Figure 4. The Faster R-CNNs Architecture for COVID-19 Detection
Progress 1 (Initial Results)
By using CNNs-based object detection approach with Faster-RCNN algorithm, we achieved overall accuracy of 98%. In addition, the high performance of the CNNs-based Faster-RCNN model that we built in this study was checked with 79.3% accuracy using external samples. More specifically, our model achieved relative high sensitivity as a screening tool, 0.88 and 0.83 on the internal and the external dataset, respectively. Besides, the research has compared to the diagnosis of RT-PCR based nucleic acid detection, which recent data have suggested that the accuracy of nucleic acid testing is only about 50-90%. In our initial research using lung CT imaging feature extraction, the research can achieve 98% accuracy. The results outperformed nucleic acid testing.

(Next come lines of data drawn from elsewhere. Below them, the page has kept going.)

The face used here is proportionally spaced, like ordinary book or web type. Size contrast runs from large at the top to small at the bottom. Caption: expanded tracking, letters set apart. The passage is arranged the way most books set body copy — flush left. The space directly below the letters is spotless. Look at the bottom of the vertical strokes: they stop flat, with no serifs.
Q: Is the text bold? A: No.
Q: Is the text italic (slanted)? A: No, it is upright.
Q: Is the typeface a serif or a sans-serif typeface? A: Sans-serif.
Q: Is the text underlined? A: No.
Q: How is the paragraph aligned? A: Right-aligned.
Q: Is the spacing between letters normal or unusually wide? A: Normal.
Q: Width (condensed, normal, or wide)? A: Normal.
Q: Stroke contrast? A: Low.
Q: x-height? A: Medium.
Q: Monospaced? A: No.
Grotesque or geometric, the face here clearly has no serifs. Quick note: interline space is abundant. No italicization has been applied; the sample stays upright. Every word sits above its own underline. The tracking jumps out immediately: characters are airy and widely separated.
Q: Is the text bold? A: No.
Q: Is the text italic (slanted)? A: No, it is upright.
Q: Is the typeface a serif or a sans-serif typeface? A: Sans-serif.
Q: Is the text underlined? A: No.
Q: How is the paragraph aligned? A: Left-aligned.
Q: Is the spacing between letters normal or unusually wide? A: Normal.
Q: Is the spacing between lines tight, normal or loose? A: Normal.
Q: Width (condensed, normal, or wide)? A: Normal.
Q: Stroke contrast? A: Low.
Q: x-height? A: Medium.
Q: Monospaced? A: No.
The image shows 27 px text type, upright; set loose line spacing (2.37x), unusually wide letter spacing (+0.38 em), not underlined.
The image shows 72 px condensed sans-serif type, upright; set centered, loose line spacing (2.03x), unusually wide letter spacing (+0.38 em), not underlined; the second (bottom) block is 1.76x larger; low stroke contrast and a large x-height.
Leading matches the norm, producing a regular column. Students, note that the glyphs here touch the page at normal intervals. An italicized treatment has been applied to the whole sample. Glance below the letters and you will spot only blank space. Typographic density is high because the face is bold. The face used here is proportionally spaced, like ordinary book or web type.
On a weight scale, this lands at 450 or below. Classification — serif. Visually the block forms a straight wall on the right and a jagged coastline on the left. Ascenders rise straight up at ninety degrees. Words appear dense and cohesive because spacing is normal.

Figure 5. The result of COVID-19 object detection based on proposed Faster R-CNNs algorithm (Progress 1)
Progress 2 (Final Results)
In the next phase, the pre-tuning and fine-tuning hyperparameters is used for getting the best model. For the object detection of COVID-19 by Faster R-CNNs algorithm, this research achieved 99% accuracy, 98% sensitivity, 100% specificity, and 100% precision on CT chest radiography. The result of CT images can detect two conditions including COVID-19 infected and healthy. Besides, the proposed model with unseen data achieves accuracy, sensitivity, specificity, precion and F1-score are 100%, respectively.